The same governance principles that apply to commercial models should also apply to internally developed models. Research teams should store model artifacts, dataset versions, evaluation results, intended use, known limitations, approval history, and retirement decisions in a governed registry. Otherwise, internal development can create another form of lock-in: undocumented models, unclear training data lineage, or research code that cannot be validated, reproduced, or safely transferred into another environment.
Promoting a research model into clinical production is a separate decision, not a natural next step. It may require additional clinical validation, regulatory review, cybersecurity assessment, integration testing, and a clear definition of whether the model qualifies as software as a medical device. For that reason, advanced research capabilities should be treated as a selective extension of vendor independence, not as a requirement for every radiology AI program.

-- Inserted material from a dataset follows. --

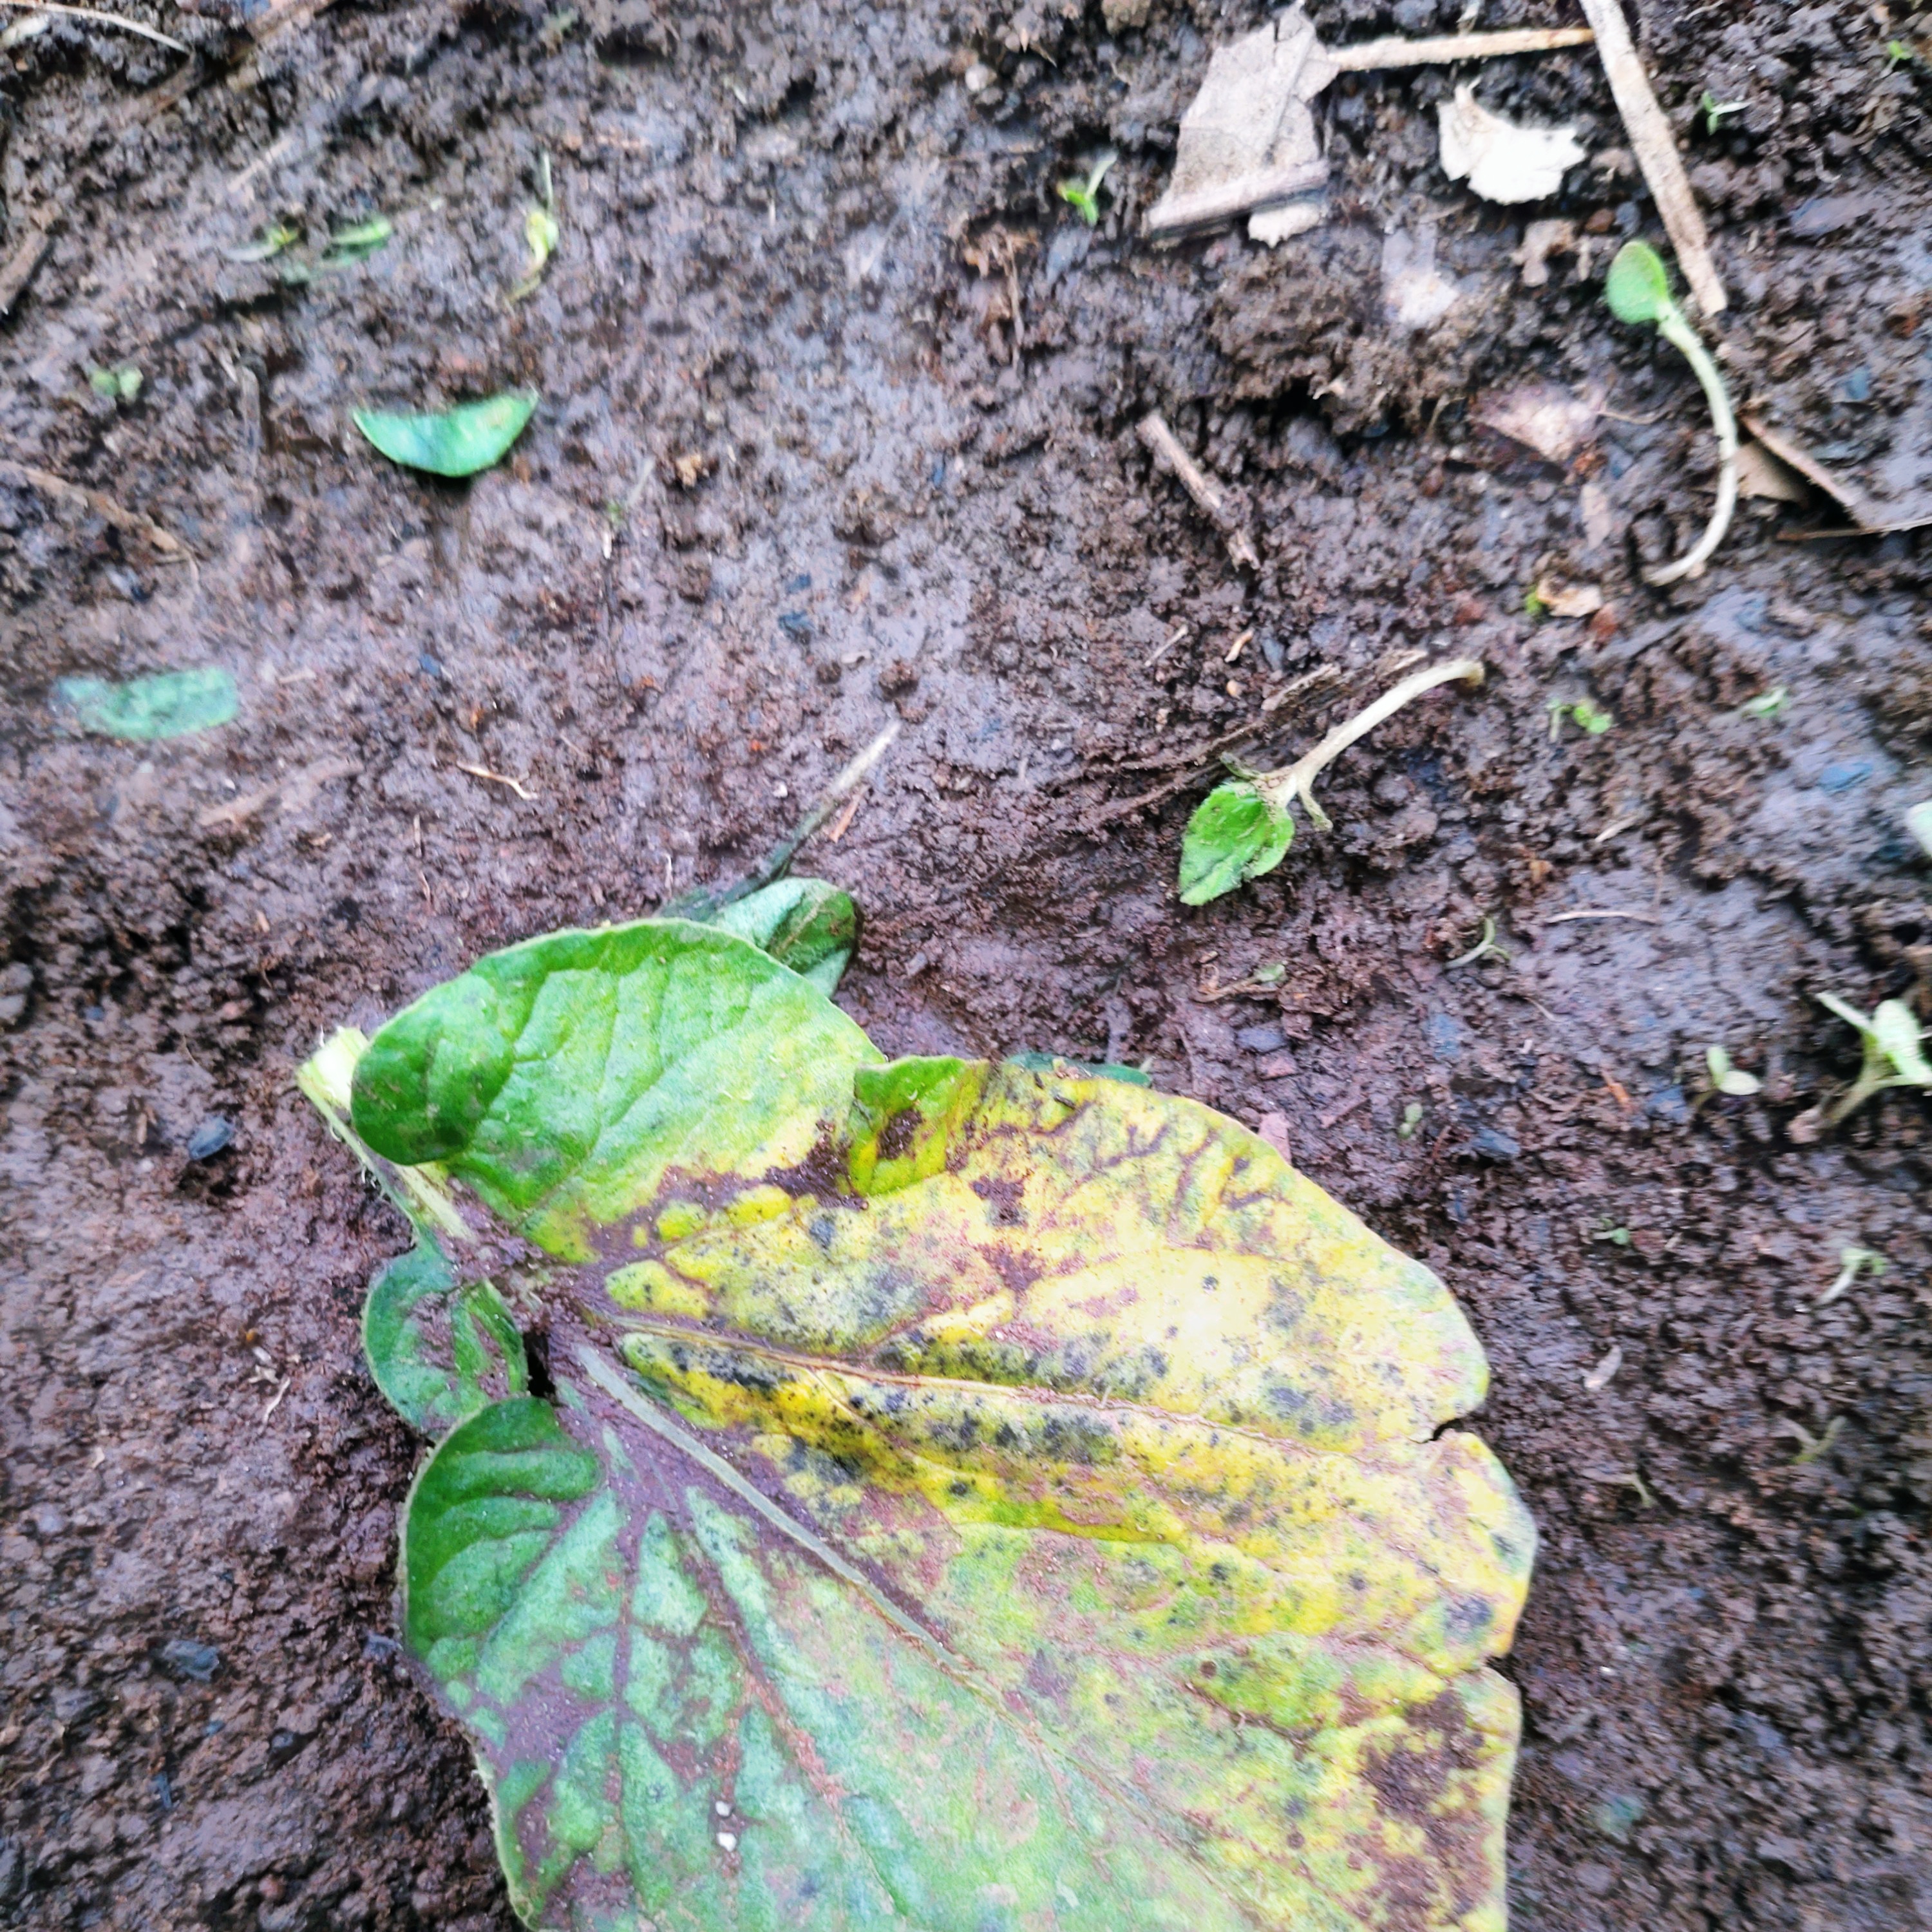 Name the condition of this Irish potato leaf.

late blight
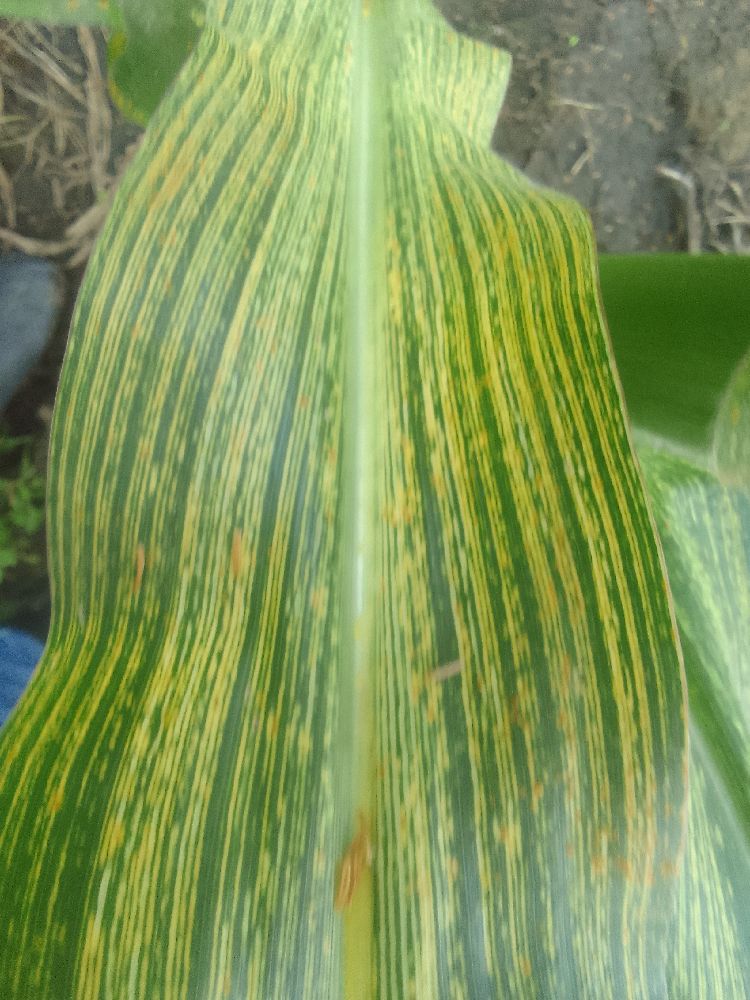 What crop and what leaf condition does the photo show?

maize, maize streak virus
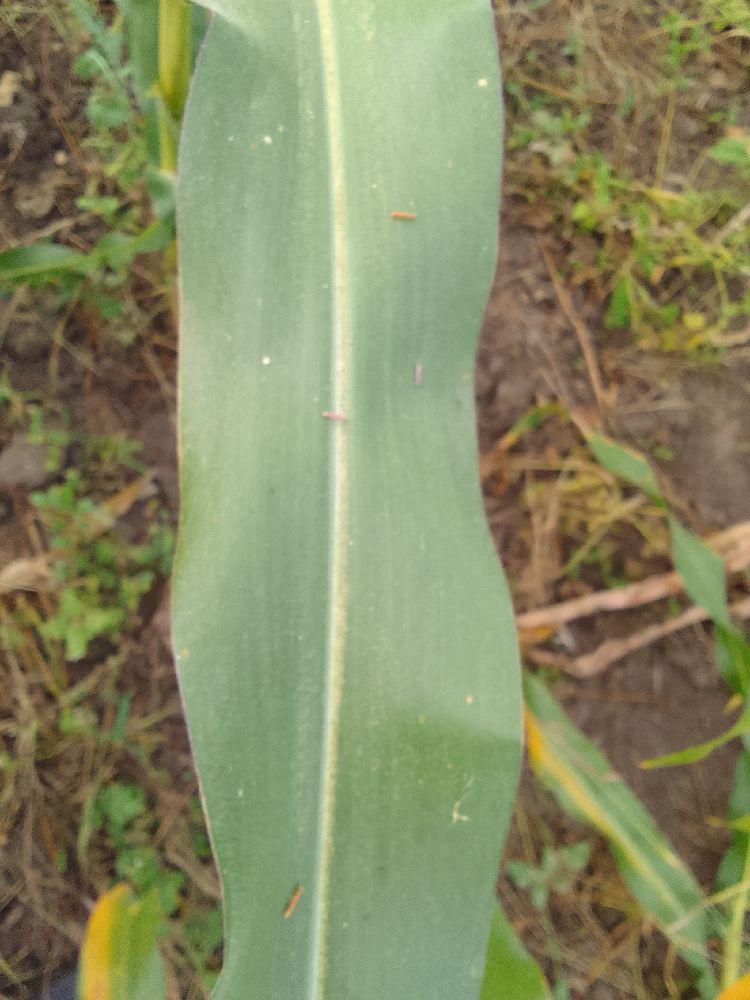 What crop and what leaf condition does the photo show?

Design Principles That Prevent Vendor Lock-In
Regardless of how far you want to take vendor independence, keep in mind the following general design principles. Applied consistently, they will reduce the chance that any single vendor will gain structural leverage over your AI program:
- Use open standards such as DICOM, HL7/FHIR, DICOMweb, and ONNX where possible. Avoid proprietary data formats or inter-component APIs that cannot be reimplemented independently.
- Separate storage from compute so that imaging data, AI outputs, model artifacts (where available), and serving infrastructure are independently replaceable.
- Contract explicitly for data portability so that you can export AI outputs, logs, annotations, configuration data, validation evidence, and other model-related records in standard formats within an agreed period (e.g., 30 days of contract termination).
- Keep the platform multi-cloud ready through infrastructure-as-code. This preserves the ability to migrate between cloud providers as pricing and capability evolve.
- Run regular comparative evaluation so that new models can be benchmarked against existing ones.
Conclusion
I believe that artificial intelligence may prove as transformative for diagnostic radiology as the invention of cross-sectional imaging. But the organizations that gain the most from it will not necessarily be those that deploy the most algorithms first or sign contracts with the most prominent vendors. They will be the ones who build the governance, data architecture, and technical platform to own AI as a capability rather than consume it as a string of disconnected tools.